# How do you cook your rice?



## Rocks703 (Apr 10, 2006)

Greetings all,

As the title says I'm curious on how you cook your rice?

I always end up with rice stuck to the bottom of the pan and I'm curious whats the best way/What way works for you?

Cheers

Rocks


----------



## EXTREME (Aug 5, 2005)

Microwave every time, easy and quick.


----------



## renshaw (Jun 5, 2012)

Salt in water.

Pre heat pan with boiling water, three cups of water per 1 cup of rice.

Add rice to water thats boiling add lid and cook LOW heat no need to stir.

If that fails get new pans!!

Sent from my GT-I9505 using Tapatalk 4 Beta


----------



## gingernut (Dec 11, 2006)

Pan + water + rice, bring to boil simmer 'til fluffy.


----------



## Rocks703 (Apr 10, 2006)

Thank you for the replies.

I should of mentioned I don't own a microwave.

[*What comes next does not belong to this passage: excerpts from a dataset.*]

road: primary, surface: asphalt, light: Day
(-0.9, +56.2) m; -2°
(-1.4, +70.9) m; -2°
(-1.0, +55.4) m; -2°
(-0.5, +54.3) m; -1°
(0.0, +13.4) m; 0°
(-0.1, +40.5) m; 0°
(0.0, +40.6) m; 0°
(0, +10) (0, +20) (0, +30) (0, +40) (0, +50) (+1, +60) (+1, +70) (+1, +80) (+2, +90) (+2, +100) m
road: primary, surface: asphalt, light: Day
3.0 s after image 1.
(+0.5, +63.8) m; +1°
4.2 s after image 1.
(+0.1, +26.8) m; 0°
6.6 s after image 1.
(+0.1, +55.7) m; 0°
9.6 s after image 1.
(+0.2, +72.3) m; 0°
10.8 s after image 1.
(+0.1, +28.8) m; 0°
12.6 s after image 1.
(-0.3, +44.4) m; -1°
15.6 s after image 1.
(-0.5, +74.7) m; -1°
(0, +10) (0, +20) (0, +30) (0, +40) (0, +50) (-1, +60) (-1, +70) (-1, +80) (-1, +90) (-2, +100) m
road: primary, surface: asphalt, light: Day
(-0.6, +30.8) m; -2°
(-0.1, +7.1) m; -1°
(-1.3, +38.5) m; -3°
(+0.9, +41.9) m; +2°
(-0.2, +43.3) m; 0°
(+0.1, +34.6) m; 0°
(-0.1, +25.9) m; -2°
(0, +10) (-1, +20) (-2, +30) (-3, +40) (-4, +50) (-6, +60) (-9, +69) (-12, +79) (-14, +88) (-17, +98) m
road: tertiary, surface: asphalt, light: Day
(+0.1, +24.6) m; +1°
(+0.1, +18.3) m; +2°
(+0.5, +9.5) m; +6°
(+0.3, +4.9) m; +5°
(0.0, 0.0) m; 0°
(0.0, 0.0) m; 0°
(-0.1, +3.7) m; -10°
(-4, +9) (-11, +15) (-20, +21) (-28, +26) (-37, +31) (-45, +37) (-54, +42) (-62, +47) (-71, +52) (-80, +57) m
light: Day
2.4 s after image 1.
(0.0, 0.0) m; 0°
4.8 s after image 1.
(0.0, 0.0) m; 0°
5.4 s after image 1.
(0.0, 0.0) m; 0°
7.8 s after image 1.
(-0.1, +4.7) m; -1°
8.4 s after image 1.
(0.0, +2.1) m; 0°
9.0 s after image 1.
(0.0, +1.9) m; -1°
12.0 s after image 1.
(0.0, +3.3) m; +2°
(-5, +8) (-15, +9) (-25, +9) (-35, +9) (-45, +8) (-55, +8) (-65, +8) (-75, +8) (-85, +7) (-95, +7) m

I'll try your method tonight Renshaw


----------



## Loz1466868022 (Oct 12, 2011)

A really nice way , is get a flat pan, little bit of oil, sweat some diced onion in the pan on a hob then put some rice in the pan and make sure it gets a good heating without burning and rice starts to turn translucent , then add water and immerse, add some mixed herbs and half a stock cube then bake in the oven , the army call it braised rice it's lovely

Sent from my iPhone


----------



## Tubbylove (Feb 28, 2009)

As Renshaw but add in a stir after a minute or so just to make sure , too much heat and a lack of water are the killers of rice


----------



## Max1466868006 (Feb 16, 2010)

I ask the Chinese man to cook mine with an egg and some peas!


----------



## Pikey1466867920 (Apr 24, 2004)

Microwave dead easy and doesn't end up welded to the bottom of the pan if you forget to stir it...


----------



## daddy123 (Nov 30, 2012)

Cant cook to save my life. Thank god for a fantastic wife that loves to cook :smile:


----------